# Ablesen der Zeit vom Handy bei der Autofahrt ist verboten



## Captain Picard (9 September 2005)

http://www.heise.de/newsticker/meldung/63712


> Der Mann argumentierte, auf dem Display eines Handys die Uhrzeit abzulesen
> entspreche einem -- laut Straßenverkehrsordnung erlaubten -- Blick auf die Armbanduhr.
> Das OLG schloss sich dem jedoch nicht an: Dem Fahrer sei jede Nutzung des Handys untersagt,
> für die er dieses in der Hand halten muss. Schließlich habe er dabei nicht wie gefordert beide
> Hände frei. Beim Blick auf die Armbanduhr sei das dagegen durchaus der Fall.


Und was ist mit einer Taschenuhr....

die Entscheidung geht IMHO OK, Begründung ist Nonsens , danach müßte Rauchen, 
 Butterbrotessen und andere Tätigkeiten einer der beiden Hände verboten sein....

Btw:  Was sagt eigentlich das Gesetz zu TV-Display mit angeschlossenem DVD-Player
im Blickfeld des Fahrers   (gestern live im Strassenverkehr gesehen..) 

cp


----------



## Telekomunikacja (9 September 2005)

Captain Picard schrieb:
			
		

> Begründung ist Nonsens , danach müßte Rauchen, Butterbrotessen und andere Tätigkeiten einer der beiden Hände verboten sein....


Es ist ja noch gar nicht so lange her, dass das - wieder einmal 
	

	
	
		
		

		
			





 - ernsthaft "angedacht" worden ist:
*"Politiker fordern Rauchverbot am Steuer"*
*"Politiker fordern Rauchverbot am Steuer. Stolpe gegen Überregulierung"*
*"Wenig Chancen für Rauchverbot am Steuer"*


----------



## Captain Picard (9 September 2005)

die Mehrheit (laut Umfrage emnid:  Spiegel vom 10. Mai 2005 ) sieht das anders:
http://www.spiegel.de/auto/aktuell/0,1518,355436,00.html


> Mehrheit der Deutschen für Rauchverbot am Steuer
> 
> 67 Prozent der Deutschen sind dafür, Rauchen am Steuer zu verbieten. Das ergab eine
> Umfrage des Meinungsforschungsinstituts TNS Emnid. Nur knapp ein Drittel der Befragten
> lehnt ein Rauchverbot für Autofahrer ab.


----------



## Heiko (9 September 2005)

*Re: Ablesen der Zeit vom Handy bei der Autofahrt ist verbote*



			
				Captain Picard schrieb:
			
		

> Begründung ist Nonsens


Die Begründung ist korrekt und konsequent.
Schließlich lautet der Bußgeldtatbestand exakt


> Sie benutzten als Führer des Kraftfahrzeugs verbotswidrig ein
> Mobil- oder Autotelefon, indem Sie hierfür das Mobiltelefon oder
> den Hörer des Autotelefons aufnahmen oder hielten.

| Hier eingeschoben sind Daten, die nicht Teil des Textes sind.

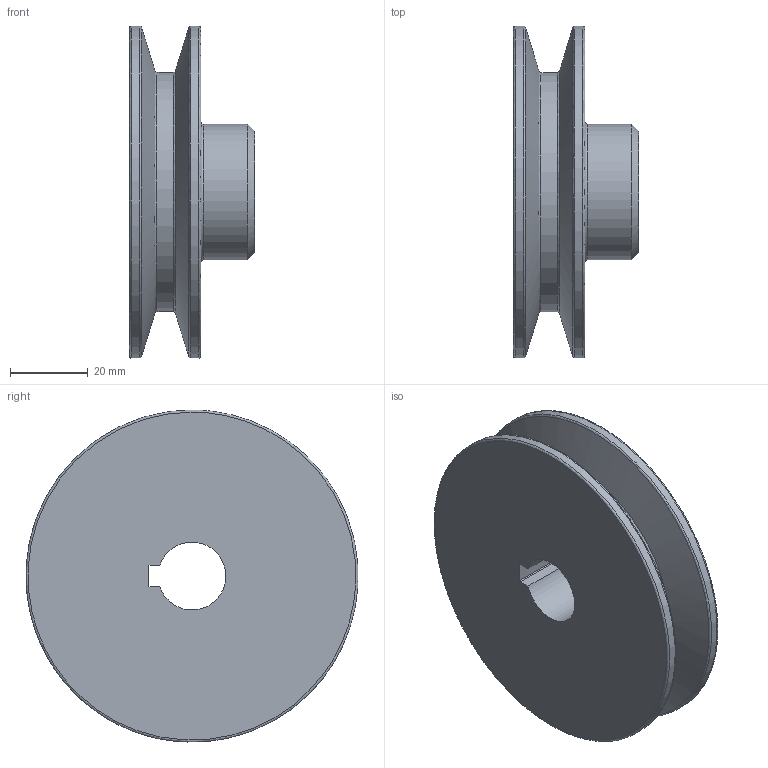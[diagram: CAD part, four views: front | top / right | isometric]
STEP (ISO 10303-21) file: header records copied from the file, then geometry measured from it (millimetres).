
FILE_DESCRIPTION(('FreeCAD Model'),'2;1');
FILE_NAME('Open CASCADE Shape Model','2025-05-08T00:49:22',('FreeCAD'),( 'FreeCAD'),'Open CASCADE STEP processor 7.6','FreeCAD','Unknown');
FILE_SCHEMA(('AUTOMOTIVE_DESIGN { 1 0 10303 214 1 1 1 1 }'));
Length unit declared in the file: millimetre
Products named in the file (1): Open CASCADE STEP translator 7.6 1
Bounding box: 32.21 x 85.49 x 85.54 mm (x, y, z)
Volume: 86610.2 mm3; surface area: 22496.3 mm2
Topology: 1 solids, 1 shells, 23 faces, 50 edges, 32 vertices
Faces by surface type: bspline 23
Entity records: 856 total; most frequent: CARTESIAN_POINT 561, ORIENTED_EDGE 96, EDGE_CURVE 48, VERTEX_POINT 28, FACE_BOUND 26, EDGE_LOOP 26, ADVANCED_FACE 23, B_SPLINE_CURVE_WITH_KNOTS 21
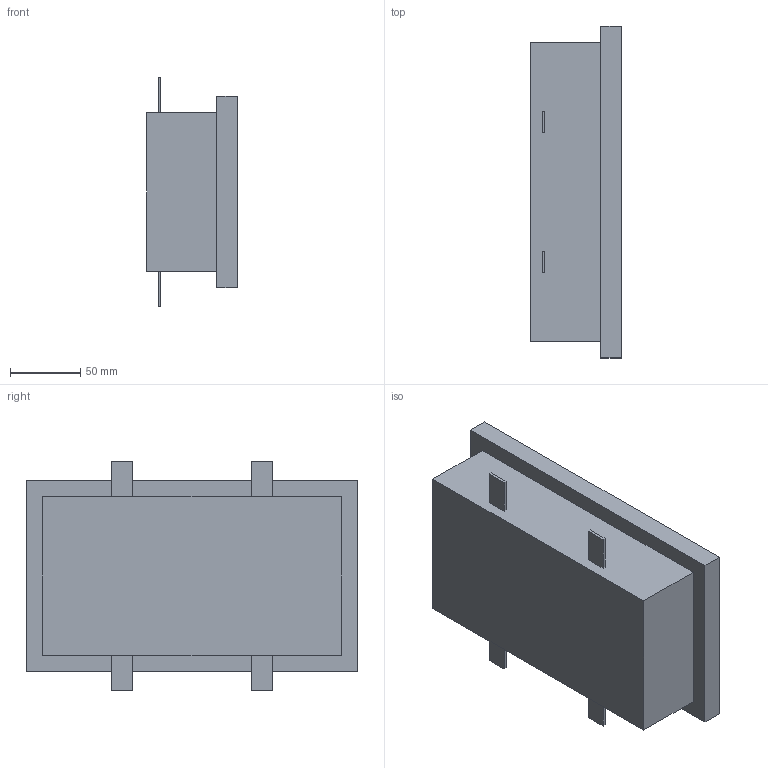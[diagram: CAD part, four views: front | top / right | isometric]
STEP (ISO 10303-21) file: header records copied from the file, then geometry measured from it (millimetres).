
FILE_DESCRIPTION(/* description */ ('Unknown'),/* implementation_level */ '2;1');
FILE_NAME(/* name */ 'FL 1520 WE FLDD 230V',/* time_stamp */ '2018-12-10T10:42:20+01:00',/* author */ ('Unknown'),/* organization */ ('Unknown'),/* preprocessor_version */ 'ST-DEVELOPER v16.7',/* originating_system */ 'DEX',/* authorisation */ $);
FILE_SCHEMA (('AUTOMOTIVE_DESIGN {1 0 10303 214 3 1 1}'));
Length unit declared in the file: millimetre
Products named in the file (1): FL 1520 D
Bounding box: 64.4 x 236.8 x 163 mm (x, y, z)
Volume: 1650463.1 mm3; surface area: 112180.2 mm2
Topology: 1 solids, 1 shells, 36 faces, 84 edges, 56 vertices
Faces by surface type: plane 36
Entity records: 1038 total; most frequent: CARTESIAN_POINT 177, ORIENTED_EDGE 168, DIRECTION 158, EDGE_CURVE 84, LINE 84, VECTOR 84, VERTEX_POINT 56, EDGE_LOOP 42

Da steht "benutzen", nicht "telefonieren".
Es ist nicht das telefonieren verboten, sondern schlicht jede Nutzung, die ein in-die-Hand-nehmen erfordert.


----------



## Captain Picard (9 September 2005)

Die Begründung:  generelles Verbot ist OK


> Schließlich habe er dabei nicht wie gefordert beide Hände frei.

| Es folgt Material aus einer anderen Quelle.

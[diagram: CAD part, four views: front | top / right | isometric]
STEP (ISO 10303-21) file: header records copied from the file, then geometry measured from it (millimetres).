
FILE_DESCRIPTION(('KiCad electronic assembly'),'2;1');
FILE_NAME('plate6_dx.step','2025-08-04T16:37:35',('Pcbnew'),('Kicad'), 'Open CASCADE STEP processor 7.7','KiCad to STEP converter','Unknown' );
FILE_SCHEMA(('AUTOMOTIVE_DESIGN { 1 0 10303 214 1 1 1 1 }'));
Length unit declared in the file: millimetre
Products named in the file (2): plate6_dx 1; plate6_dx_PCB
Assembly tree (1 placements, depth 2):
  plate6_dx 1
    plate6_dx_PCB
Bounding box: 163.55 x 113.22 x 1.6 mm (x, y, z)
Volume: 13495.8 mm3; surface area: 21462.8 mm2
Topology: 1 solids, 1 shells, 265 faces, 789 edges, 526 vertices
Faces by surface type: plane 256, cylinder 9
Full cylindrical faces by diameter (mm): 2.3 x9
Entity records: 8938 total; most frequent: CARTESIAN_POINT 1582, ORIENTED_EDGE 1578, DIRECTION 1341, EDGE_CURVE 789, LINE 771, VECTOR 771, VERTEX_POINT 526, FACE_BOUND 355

Dies ist Nonsens, und  dabei bleibe ich s.o, die Zusatzerklärung hätte man sich ohne
 Wenn und Aber schenken können. 

cp


----------



## drboe (10 September 2005)

*Re: Ablesen der Zeit vom Handy bei der Autofahrt ist verbote*



			
				Heiko schrieb:
			
		

> Die Begründung ist korrekt und konsequent.
> Schließlich lautet der Bußgeldtatbestand exakt
> 
> 
> ...



Vorschläge (aus Beobachtungen im morgentlichen Berufsverkehr):



> Sie benutzten als Führer des Kraftfahrzeugs verbotswidrig eine Zigarette- oder anderes Genussmittel, indem Sie hierfür die Zigarette- oder das Genussmittel aufnahmen, entzündeten oder hielten.
> 
> Sie benutzten als Führer des Kraftfahrzeugs verbotswidrig ein Kaugummi- oder eine Süssigkeit, indem Sie hierfür das Kaugummi oder die Süssigkeit auswickelten oder hielten.
> 
> ...


M. Boettcher


----------



## Telekomunikacja (10 September 2005)

*Re: Ablesen der Zeit vom Handy bei der Autofahrt ist verbote*



			
				drboe schrieb:
			
		

> Vorschläge (aus Beobachtungen im morgentlichen Berufsverkehr)


Ich weiß, das hier 


> Sie benutzten als Führer des Kraftfahrzeugs verbotswidrig einen Ihrer Zeigefinger, indem Sie ihn (gerne an "roter Ampel" o.ä.) in Richtung Nase führten, um ...


is blöd! :-? Konnt's mir aber nicht verkneifen. :holy:


----------